A multidisciplinary working group, established by the HSE in 2005, undertook a detailed review of cystic fibrosis services. The group identified a range of necessary service improvements, including the need to increase the levels of consultant, nursing and allied professional staffing in cystic fibrosis units nationally. The group's report will be made available shortly by the HSE.
Since 2006, many programmes and developments have been initiated and many are completed or near completion. In Cork the situation is improving significantly for the 110 adult and 80 paediatric patients for whom Cork University Hospital cares. Two new medical consultants, additional nursing staff, allied health professional staff and support staff have been recruited, ensuring patients can receive prompt and appropriate care. Plans are also being developed to provide a cystic fibrosis day care facility in the hospital. This is being advanced in conjunction with the Build4life Association, the adult cystic fibrosis multidisciplinary team and the executive management board of Cork University Hospital.
At St. Vincent's Hospital, the national adult tertiary referral centre, several capital projects have been completed. The enhanced facilities provided include a new ambulatory care centre and a new emergency department which includes single-room accommodation. The refurbishment of accommodation to provide eight single en-suite rooms for patients with cystic fibrosis has also been completed and the beds are now operational. The next phase in the development of St. Vincent's Hospital's facilities will involve the building of a new ward block to replace existing accommodation. The new ward block will provide single room en-suite accommodation, 100 rooms, with a dedicated day unit for people with cystic fibrosis, including single day treatment rooms with en-suite sanitary facilities. It is hoped the development will become operational as early as possible in 2011.

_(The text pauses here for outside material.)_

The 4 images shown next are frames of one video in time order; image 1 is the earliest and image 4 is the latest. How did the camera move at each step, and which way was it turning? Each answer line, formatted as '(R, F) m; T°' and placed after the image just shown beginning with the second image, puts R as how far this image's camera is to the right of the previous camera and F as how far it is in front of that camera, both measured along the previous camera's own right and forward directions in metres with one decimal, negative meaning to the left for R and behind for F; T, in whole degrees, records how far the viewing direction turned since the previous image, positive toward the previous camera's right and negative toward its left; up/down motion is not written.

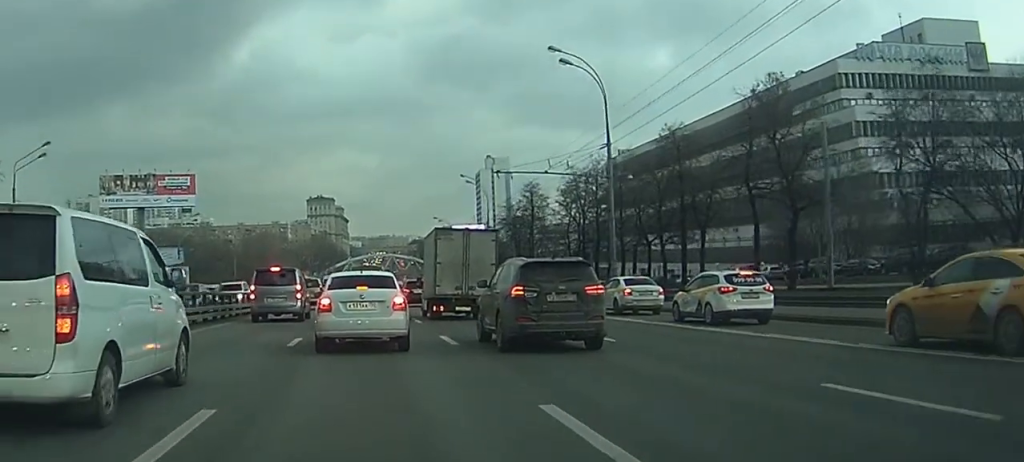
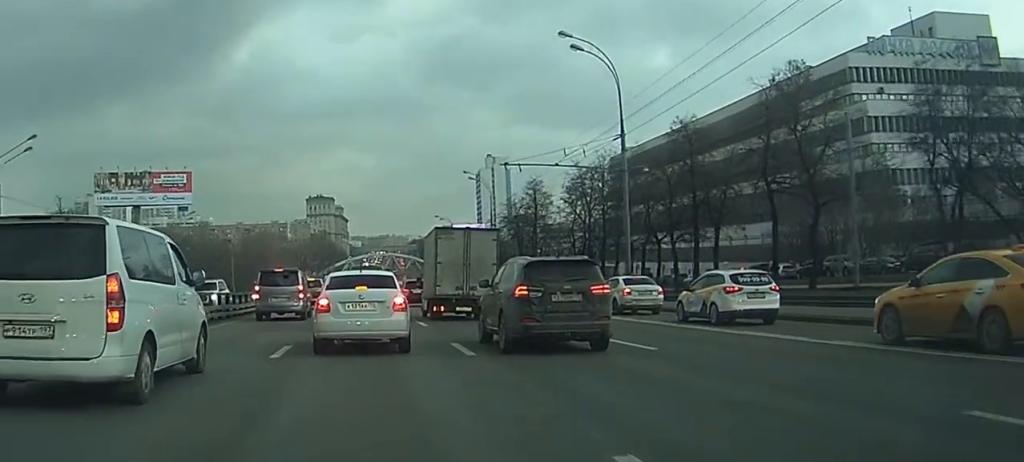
(0.0, +2.9) m; 0°
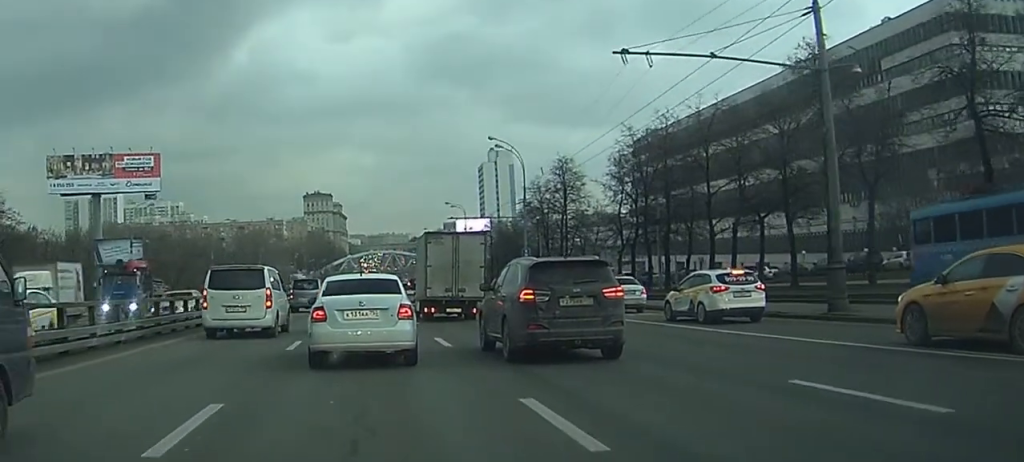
(0.0, +21.9) m; -1°
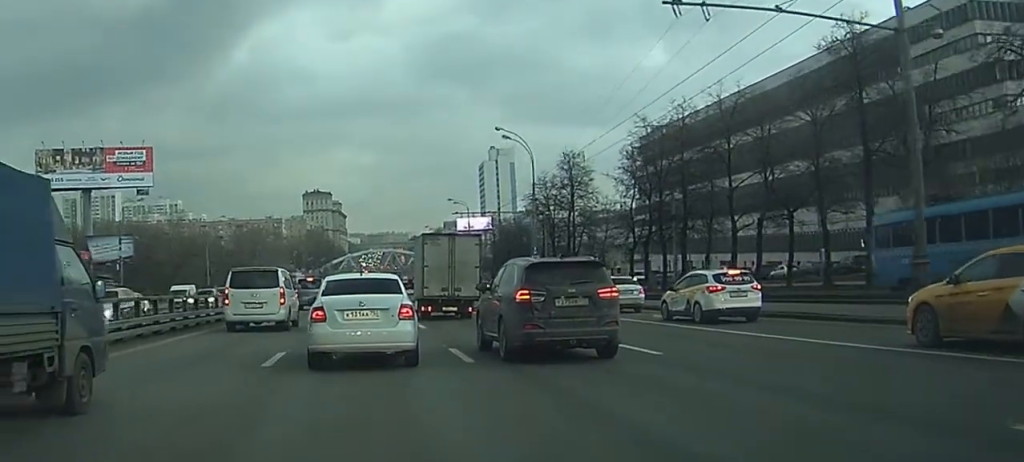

Another initiative which will contribute to the improvement of care for people with cystic fibrosis is the creation of data registries which gather information from individual patients and provide a pool of accurate data that can be used for research purposes. An independent registry for cystic fibrosis, funded by the State, has been established. This will help to make international comparisons over time regarding the incidence of cystic fibrosis treatment and outcomes for patients. An epidemiological survival analysis has recently been completed by the registry. The final report is expected to be published shortly. Among the many elements of the report is the welcome finding that the average life expectancy of people with cystic fibrosis has increased significantly in recent years. Progress is also being made by the HSE on the introduction of a national screening programme for newborns. A steering group has been established to oversee its implementation and to ensure co-ordination with the development of other relevant services. I look forward to the early introduction of this important service. Overall, this package of measures demonstrates the Government's strong commitment to improving the level of services available to people with cystic fibrosis, not alone in Cork but throughout the country.